**About this exercise:**
Your response should be every line of the data, written out exactly.
[Materials provided — start]
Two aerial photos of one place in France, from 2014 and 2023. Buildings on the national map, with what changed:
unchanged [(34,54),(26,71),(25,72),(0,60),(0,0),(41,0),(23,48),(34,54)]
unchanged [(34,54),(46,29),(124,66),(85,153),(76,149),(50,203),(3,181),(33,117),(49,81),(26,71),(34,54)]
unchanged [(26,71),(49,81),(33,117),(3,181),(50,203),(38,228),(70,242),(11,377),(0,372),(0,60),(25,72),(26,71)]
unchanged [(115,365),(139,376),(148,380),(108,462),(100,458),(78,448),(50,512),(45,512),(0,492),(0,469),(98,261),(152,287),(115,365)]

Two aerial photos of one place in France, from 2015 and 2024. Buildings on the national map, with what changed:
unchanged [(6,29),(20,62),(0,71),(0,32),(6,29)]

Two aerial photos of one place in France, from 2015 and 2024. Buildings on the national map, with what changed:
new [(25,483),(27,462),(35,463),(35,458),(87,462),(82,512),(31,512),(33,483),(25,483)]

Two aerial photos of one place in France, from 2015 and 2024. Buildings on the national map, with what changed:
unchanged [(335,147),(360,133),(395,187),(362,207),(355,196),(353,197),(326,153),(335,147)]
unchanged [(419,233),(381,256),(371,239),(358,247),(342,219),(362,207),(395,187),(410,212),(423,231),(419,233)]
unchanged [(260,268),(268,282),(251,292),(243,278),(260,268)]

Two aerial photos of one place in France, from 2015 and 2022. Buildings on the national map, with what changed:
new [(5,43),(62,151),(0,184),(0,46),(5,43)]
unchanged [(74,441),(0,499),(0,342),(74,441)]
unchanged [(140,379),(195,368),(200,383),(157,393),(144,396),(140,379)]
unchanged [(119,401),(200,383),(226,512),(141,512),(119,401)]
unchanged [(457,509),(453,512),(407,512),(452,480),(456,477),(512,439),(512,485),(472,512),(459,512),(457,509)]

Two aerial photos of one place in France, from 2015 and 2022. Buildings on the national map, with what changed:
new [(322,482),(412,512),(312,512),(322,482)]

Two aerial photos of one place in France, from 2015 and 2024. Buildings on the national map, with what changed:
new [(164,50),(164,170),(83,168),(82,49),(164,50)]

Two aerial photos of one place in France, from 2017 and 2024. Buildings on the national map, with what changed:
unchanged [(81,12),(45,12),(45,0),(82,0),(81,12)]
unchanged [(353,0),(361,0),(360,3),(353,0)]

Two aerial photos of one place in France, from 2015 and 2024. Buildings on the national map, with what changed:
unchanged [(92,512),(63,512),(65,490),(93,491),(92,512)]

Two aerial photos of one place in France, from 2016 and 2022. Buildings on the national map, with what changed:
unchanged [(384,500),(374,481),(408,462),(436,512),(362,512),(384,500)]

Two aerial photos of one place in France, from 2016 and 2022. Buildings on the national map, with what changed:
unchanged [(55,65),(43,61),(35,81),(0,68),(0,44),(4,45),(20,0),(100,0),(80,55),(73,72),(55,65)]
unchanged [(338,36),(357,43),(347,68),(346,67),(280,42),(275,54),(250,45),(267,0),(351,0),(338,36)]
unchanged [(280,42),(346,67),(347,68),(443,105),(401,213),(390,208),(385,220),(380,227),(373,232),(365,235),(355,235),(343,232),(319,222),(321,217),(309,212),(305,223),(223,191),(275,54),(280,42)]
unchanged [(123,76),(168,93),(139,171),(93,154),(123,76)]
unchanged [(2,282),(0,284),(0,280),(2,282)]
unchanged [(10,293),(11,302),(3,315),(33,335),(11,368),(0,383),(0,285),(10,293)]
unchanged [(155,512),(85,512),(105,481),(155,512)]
[Materials provided — finish]
**Output of the task:**
Two aerial photos of one place in France, from 2014 and 2023. Buildings on the national map, with what changed:
unchanged [(34,54),(26,71),(25,72),(0,60),(0,0),(41,0),(23,48),(34,54)]
unchanged [(34,54),(46,29),(124,66),(85,153),(76,149),(50,203),(3,181),(33,117),(49,81),(26,71),(34,54)]
unchanged [(26,71),(49,81),(33,117),(3,181),(50,203),(38,228),(70,242),(11,377),(0,372),(0,60),(25,72),(26,71)]
unchanged [(115,365),(139,376),(148,380),(108,462),(100,458),(78,448),(50,512),(45,512),(0,492),(0,469),(98,261),(152,287),(115,365)]

Two aerial photos of one place in France, from 2015 and 2024. Buildings on the national map, with what changed:
unchanged [(6,29),(20,62),(0,71),(0,32),(6,29)]

Two aerial photos of one place in France, from 2015 and 2024. Buildings on the national map, with what changed:
new [(25,483),(27,462),(35,463),(35,458),(87,462),(82,512),(31,512),(33,483),(25,483)]

Two aerial photos of one place in France, from 2015 and 2024. Buildings on the national map, with what changed:
unchanged [(335,147),(360,133),(395,187),(362,207),(355,196),(353,197),(326,153),(335,147)]
unchanged [(419,233),(381,256),(371,239),(358,247),(342,219),(362,207),(395,187),(410,212),(423,231),(419,233)]
unchanged [(260,268),(268,282),(251,292),(243,278),(260,268)]

Two aerial photos of one place in France, from 2015 and 2022. Buildings on the national map, with what changed:
new [(5,43),(62,151),(0,184),(0,46),(5,43)]
unchanged [(74,441),(0,499),(0,342),(74,441)]
unchanged [(140,379),(195,368),(200,383),(157,393),(144,396),(140,379)]
unchanged [(119,401),(200,383),(226,512),(141,512),(119,401)]
unchanged [(457,509),(453,512),(407,512),(452,480),(456,477),(512,439),(512,485),(472,512),(459,512),(457,509)]

Two aerial photos of one place in France, from 2015 and 2022. Buildings on the national map, with what changed:
new [(322,482),(412,512),(312,512),(322,482)]

Two aerial photos of one place in France, from 2015 and 2024. Buildings on the national map, with what changed:
new [(164,50),(164,170),(83,168),(82,49),(164,50)]

Two aerial photos of one place in France, from 2017 and 2024. Buildings on the national map, with what changed:
unchanged [(81,12),(45,12),(45,0),(82,0),(81,12)]
unchanged [(353,0),(361,0),(360,3),(353,0)]

Two aerial photos of one place in France, from 2015 and 2024. Buildings on the national map, with what changed:
unchanged [(92,512),(63,512),(65,490),(93,491),(92,512)]

Two aerial photos of one place in France, from 2016 and 2022. Buildings on the national map, with what changed:
unchanged [(384,500),(374,481),(408,462),(436,512),(362,512),(384,500)]

Two aerial photos of one place in France, from 2016 and 2022. Buildings on the national map, with what changed:
unchanged [(55,65),(43,61),(35,81),(0,68),(0,44),(4,45),(20,0),(100,0),(80,55),(73,72),(55,65)]
unchanged [(338,36),(357,43),(347,68),(346,67),(280,42),(275,54),(250,45),(267,0),(351,0),(338,36)]
unchanged [(280,42),(346,67),(347,68),(443,105),(401,213),(390,208),(385,220),(380,227),(373,232),(365,235),(355,235),(343,232),(319,222),(321,217),(309,212),(305,223),(223,191),(275,54),(280,42)]
unchanged [(123,76),(168,93),(139,171),(93,154),(123,76)]
unchanged [(2,282),(0,284),(0,280),(2,282)]
unchanged [(10,293),(11,302),(3,315),(33,335),(11,368),(0,383),(0,285),(10,293)]
unchanged [(155,512),(85,512),(105,481),(155,512)]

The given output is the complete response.